### Records to use
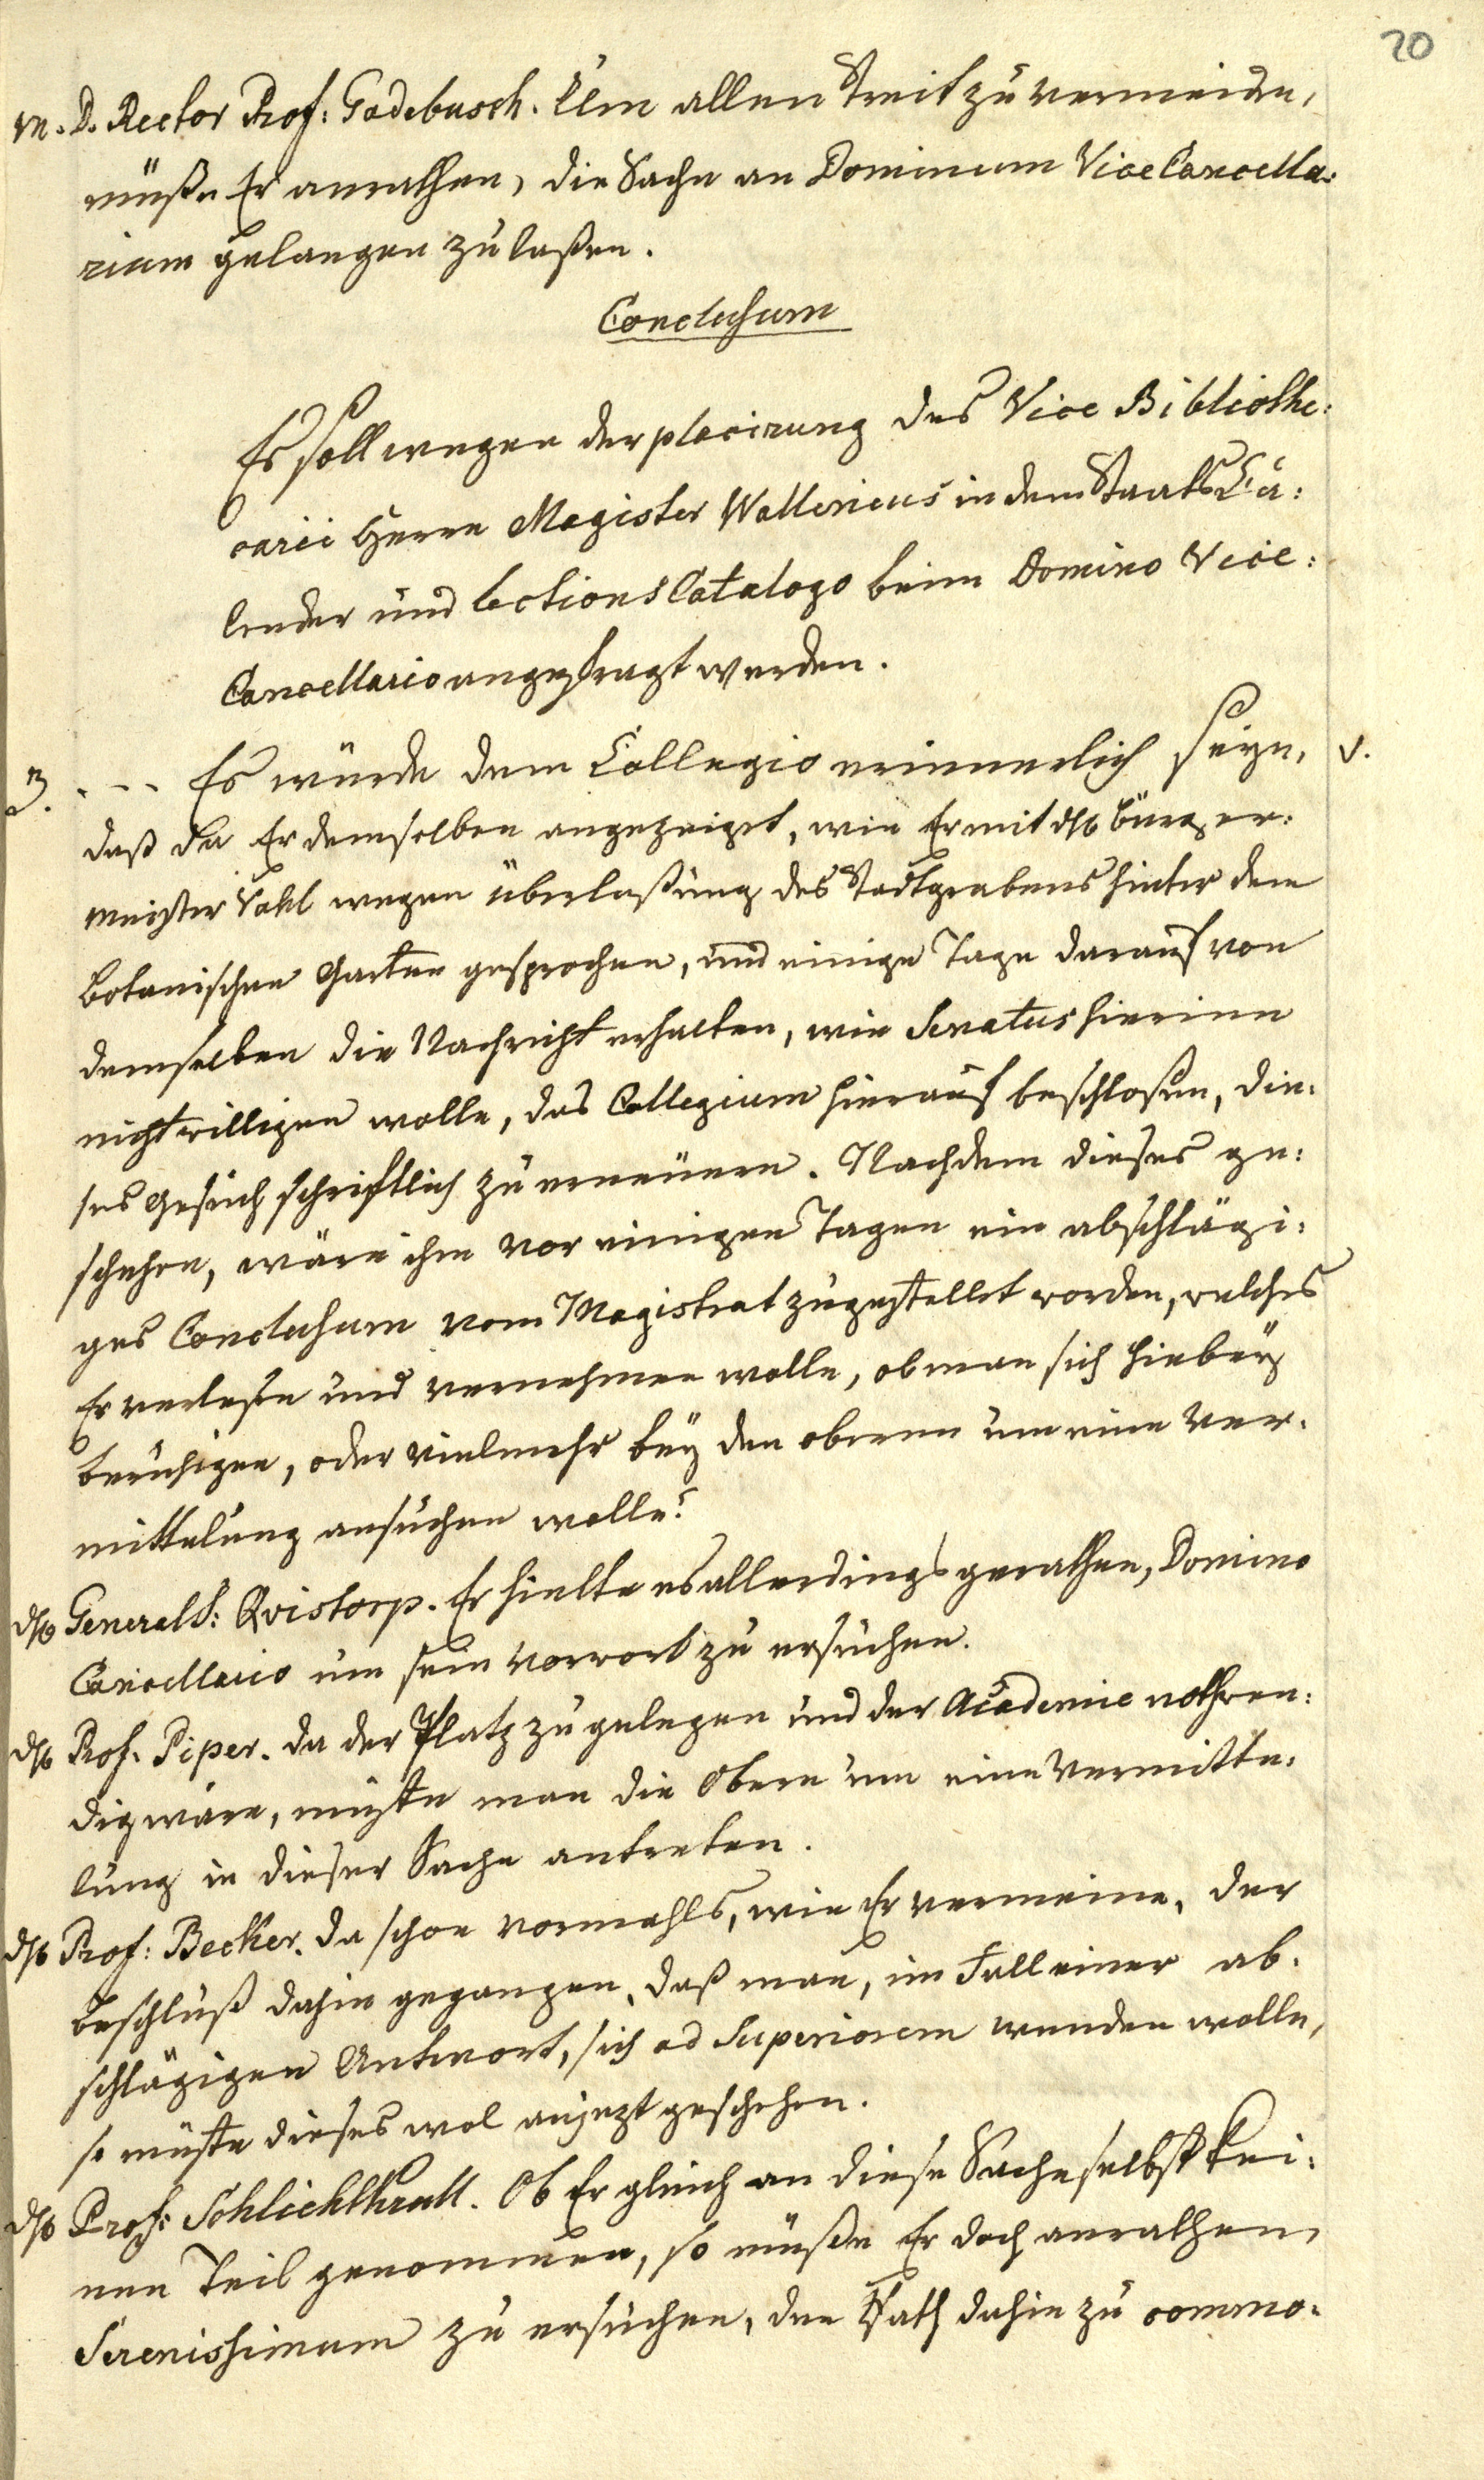M.D. Rector Prof. Gadebusch. Um allen Streit zu vermeiden,
müße Er anrathen, die Sache an Dominum ViaeCancella¬
rium gelangen zu laßen.
Conclusum
Er soll wegen der placirung das Vice Bibliothe¬
carii Herrn Magister Wallenius in dem Staatska¬
lender und LectionsCatalogo beim Domino Vice¬
Cancellario angefragt werden.
3. Es würde dem Collegio erinnerlich seÿn,
daß da Er demselben angezeiget, wie Er mit dh. Bürger¬
Meister Vahl wegen Überlaßung des Stadtgrabens hinter dem
Botanischen Garten gesprochen, und einige Tage darauf von
demselben die Nachricht erhalten, wie Senatus hierinn
nicht willigen wolle, das Collegium hierauf beschloßen, die¬
ses Gesuch schriftlich zu erneuern. Nachdem dieses ge¬
schehen, wäre ihm vor einigen Tagen ein abschlägi¬
ges Conclusum vom Magistrat zugestellet worden, welches
Er verlesen und vernehmen wolle, ob man sich hiebeÿ
beruhigen, oder vielmehr beÿ den oberen um neue Ver¬
mittelung ansuchen wolle?
dh. GeneralS. Quistorp. Er hielte es allerdings gerathen, Domino
Cancellario ein sein Vorwort zu ersuchen.
dh Prof. Piper. Da der Platz zu gelegen und der Academie nothwen¬
dig wäre, müste man die Obern um eine Vermitte¬
lung in dieser Sache antreten
dh Prof. Becker. Da schon vormahls, wie Er vermeine, der
Beschluß dahin gegangen, daß man, im Fall einer ab¬
schlägigen Antwort, sich ad Superiorum wenden wolle,
so müßte dieses wol anjezt geschehen.
dh. Prof. Schlichtkrull. Ob Er gleich an diese Sache selbst kei¬
nen Teil genommen, so müße Er doch anrathen,
Serenissimum zu ersuchen, den Rath dahin zu commo¬
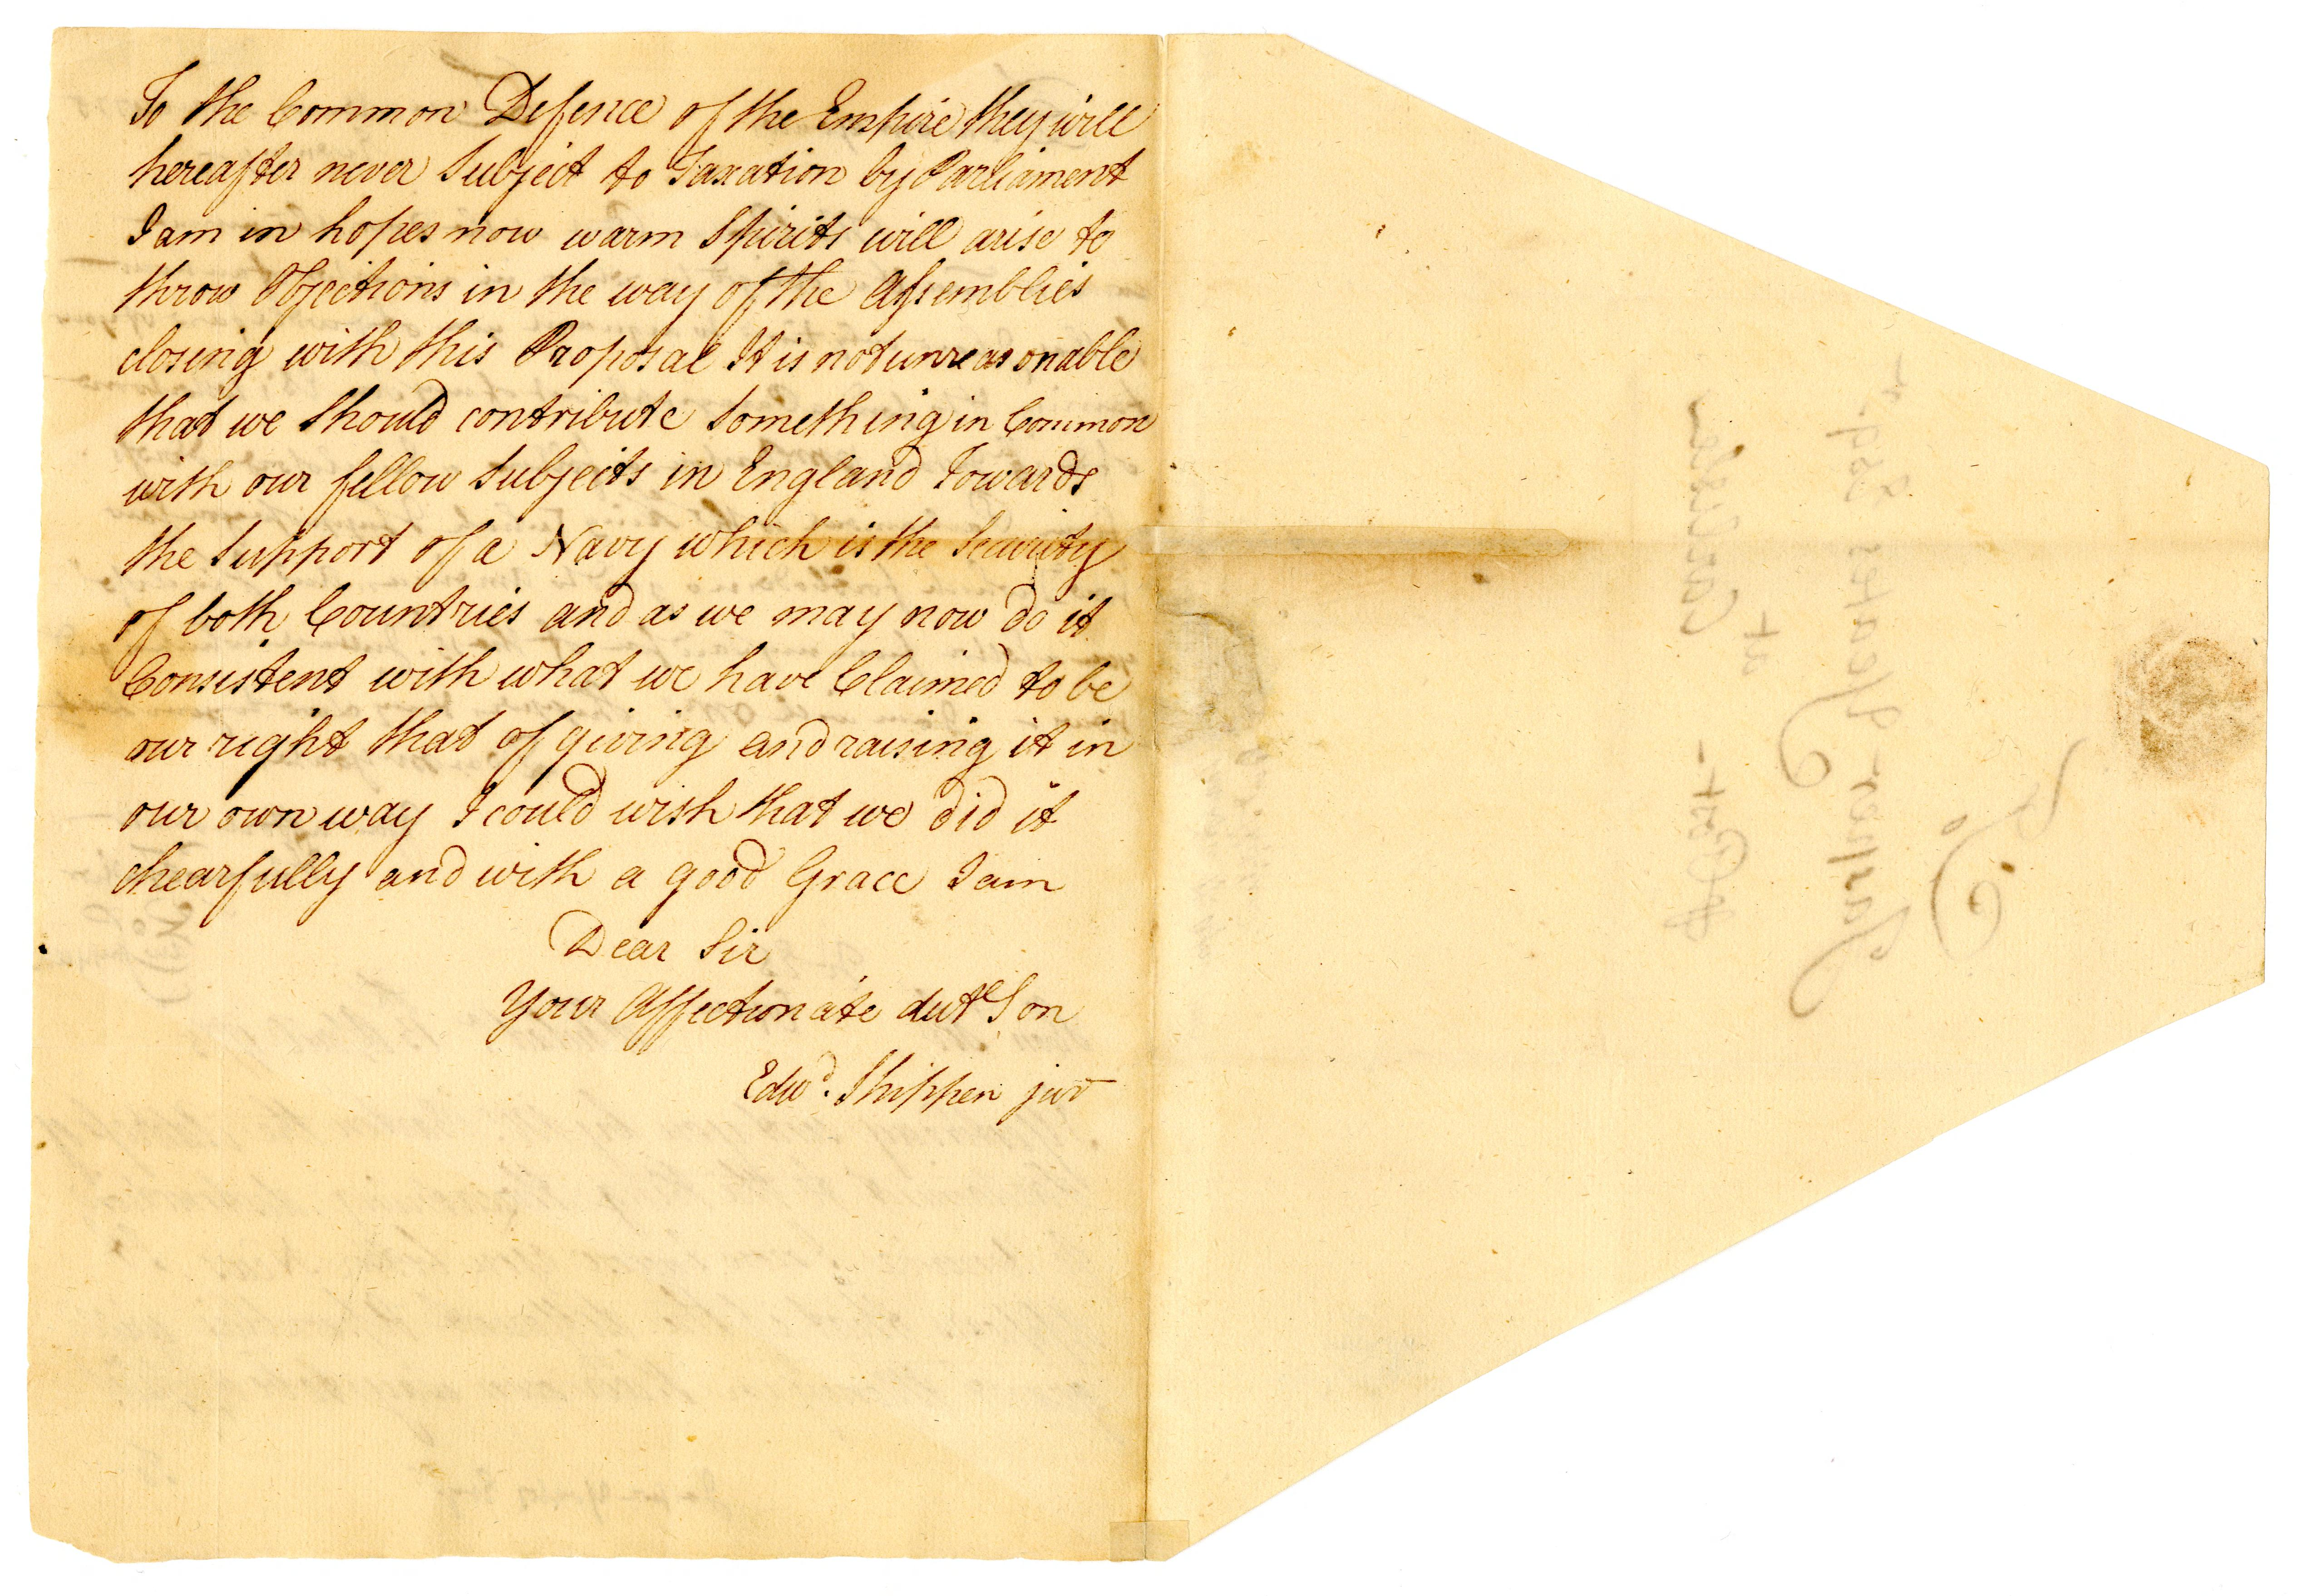To the Common Defence of the Empire they will
hereafter never subject to Taxation by Parliament
I am in hopes now warm spirits will arise to
throw Objections in the way of the assemblies
closing with this Proposal It is not unreasonable
that we should contribute something in Common
with our fellow subjects in England towards
the support of a Navy which is the beauty
of both Countries and as we may now do it
Consistent with what we have Claimed to be
our right that of giving and raising it in
our own way I could wish that we did it
chearfully and with a good Grace I am
Dear Sir
Your Affectionate dut^l Son
Edw^d. Shippen jun^r.

### Exercise description
List every line above that contains the word "sich".

### Task answer
Er verlesen und vernehmen wolle, ob man sich hiebeÿ
schlägigen Antwort, sich ad Superiorum wenden wolle,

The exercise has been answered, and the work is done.